Solving Linear Inequalities

A linear inequality has the form $ax + b > c$ or $ax + b < c$, where $a \neq 0$. The solution procedure mirrors that of linear equations, with one critical exception: when multiplying or dividing by a negative number, the inequality sign must be reversed.

General method:

1. Collect like terms on each side.
2. Isolate the variable by performing the same operation on both sides.
3. Reverse the inequality sign if multiplying or dividing by a negative number.

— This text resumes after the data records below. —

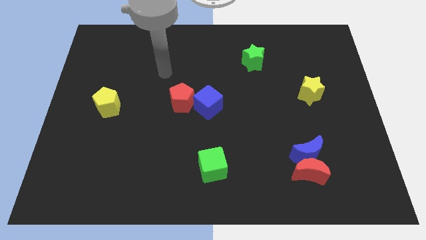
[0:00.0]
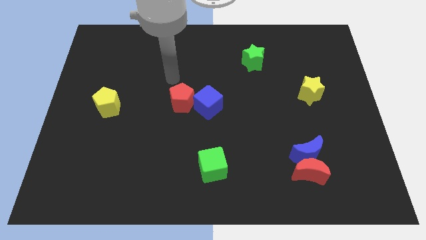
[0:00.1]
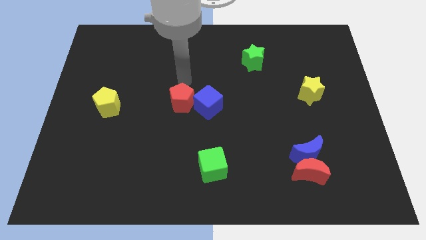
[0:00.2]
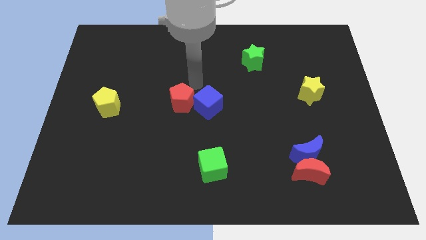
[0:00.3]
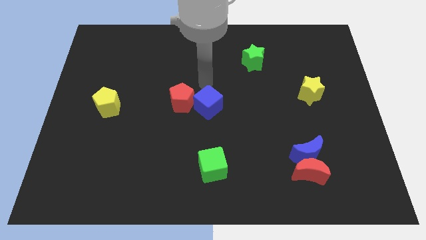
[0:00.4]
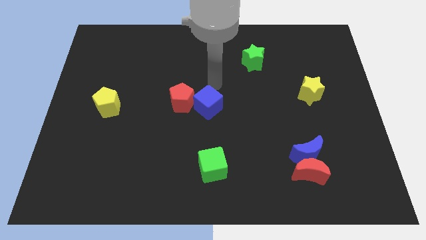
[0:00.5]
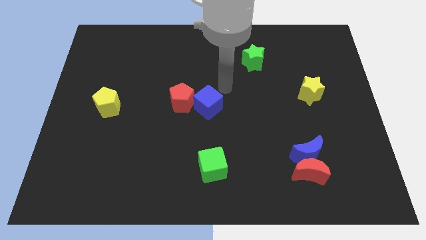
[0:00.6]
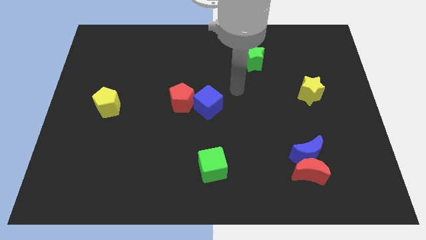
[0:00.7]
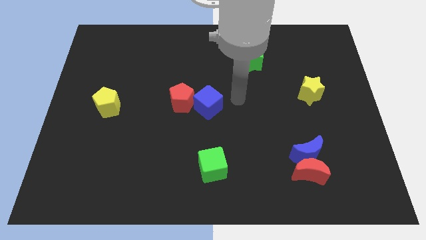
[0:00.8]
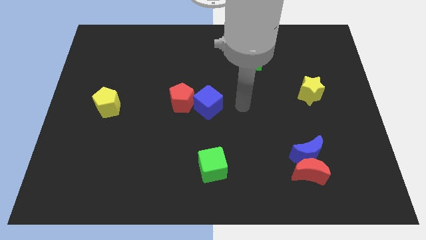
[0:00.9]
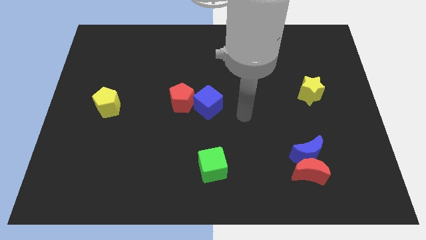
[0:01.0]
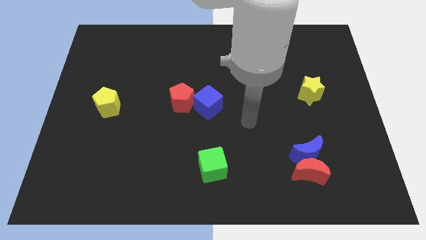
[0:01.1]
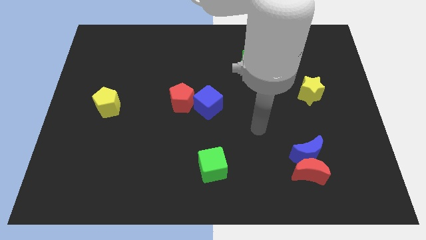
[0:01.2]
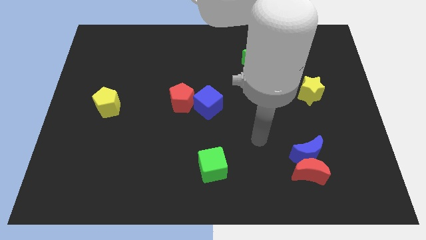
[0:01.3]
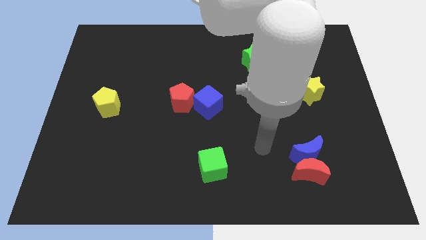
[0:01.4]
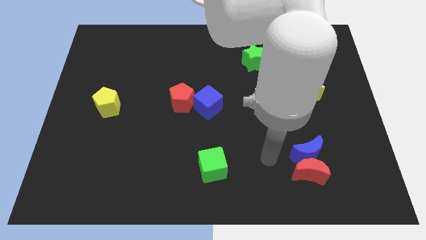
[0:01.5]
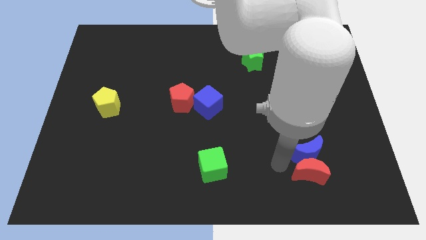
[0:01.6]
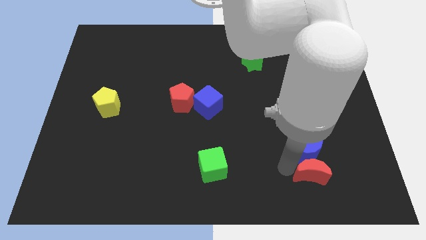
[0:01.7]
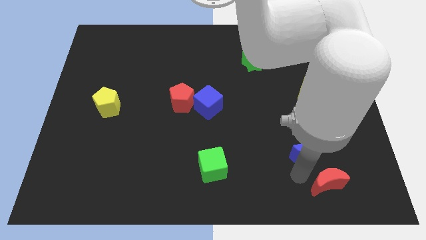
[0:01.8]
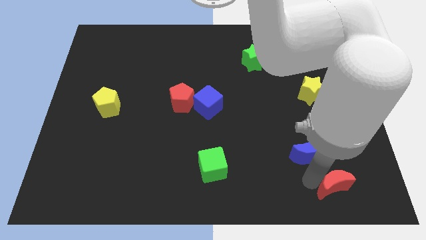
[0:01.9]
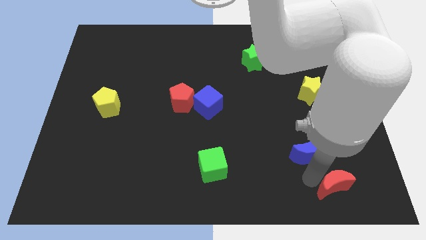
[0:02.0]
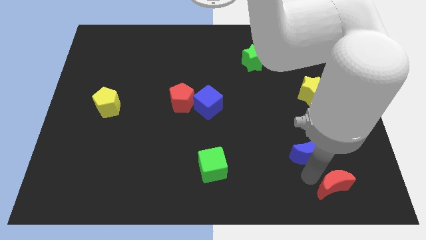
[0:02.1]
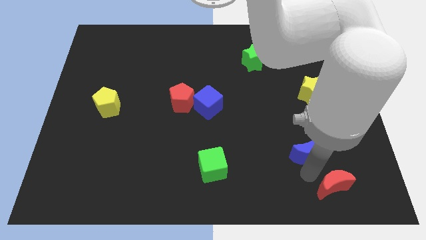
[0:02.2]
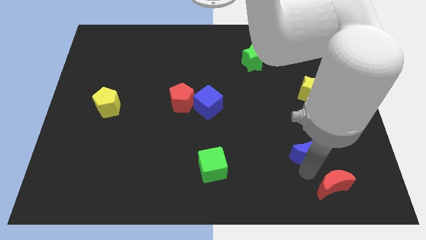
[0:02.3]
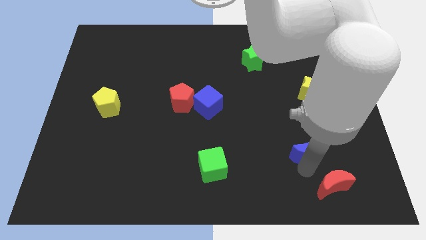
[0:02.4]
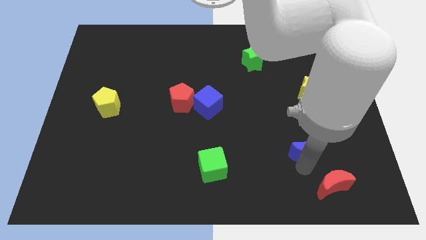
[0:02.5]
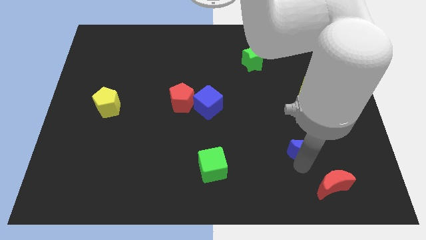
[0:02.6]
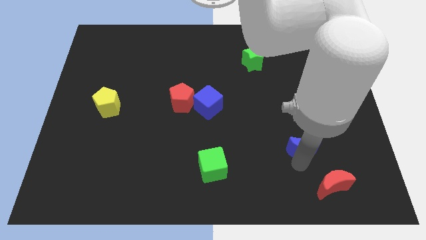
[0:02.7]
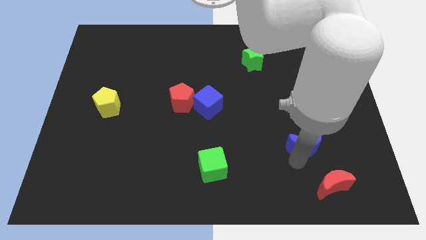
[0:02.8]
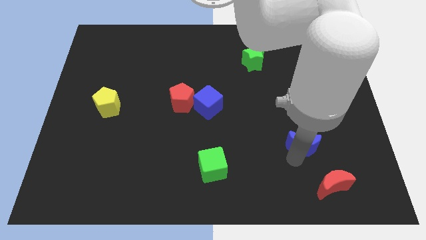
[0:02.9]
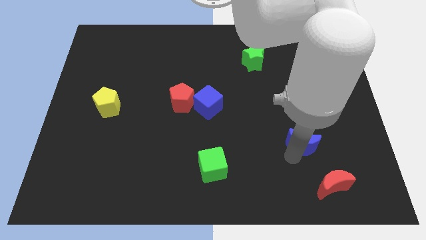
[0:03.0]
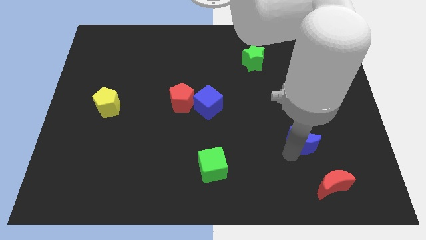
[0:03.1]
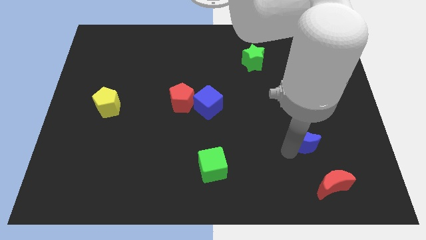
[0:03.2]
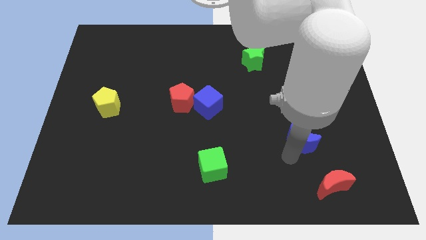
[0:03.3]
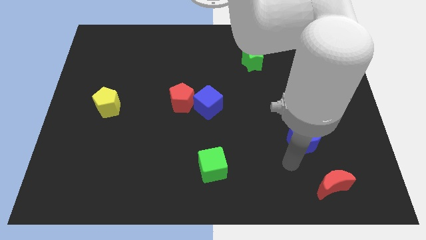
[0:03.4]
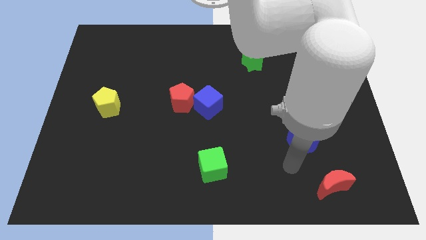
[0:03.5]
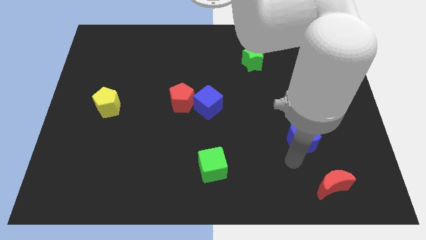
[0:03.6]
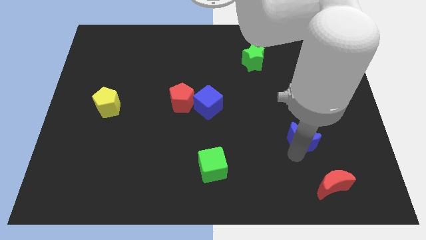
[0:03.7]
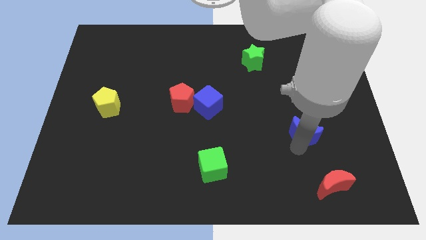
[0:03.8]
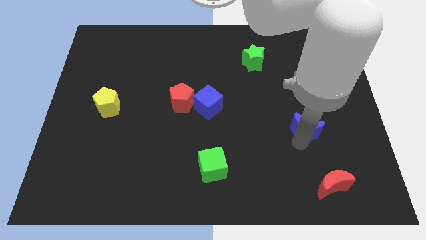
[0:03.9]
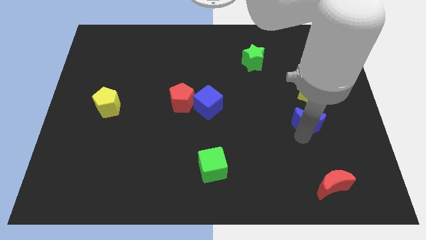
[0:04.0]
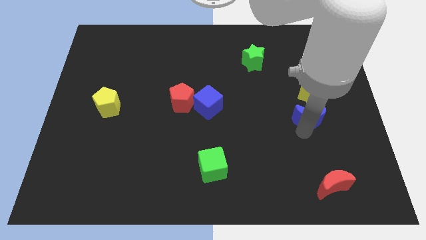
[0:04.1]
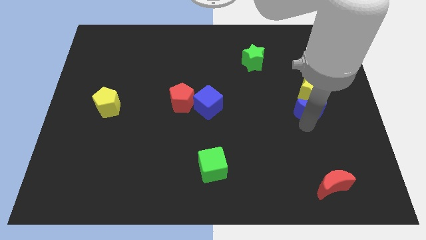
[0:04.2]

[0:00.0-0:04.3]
push the blue moon next to the yellow star

Number Line Representation

The solution of a linear inequality in one variable is an interval, which can be represented on a number line:

• An open circle ($\circ$) indicates a strict inequality ($<$ or $>$).
• A closed circle ($\bullet$) indicates an inclusive inequality ($\leq$ or $\geq$).

Examples

• Solve $3x - 7 > 5$:

$$3x > 12 \implies x > 4$$

The solution set is $(4, \infty)$.

• Solve $2x + 3 \leq x - 4$:

$$2x - x \leq -4 - 3 \implies x \leq -7$$

The solution set is $(-\infty, -7]$.

• Solve $-2x + 6 < 10$:

$$-2x < 4 \implies x > -2$$

Note the reversal of the inequality sign when dividing by $-2$. The solution set is $(-2, \infty)$.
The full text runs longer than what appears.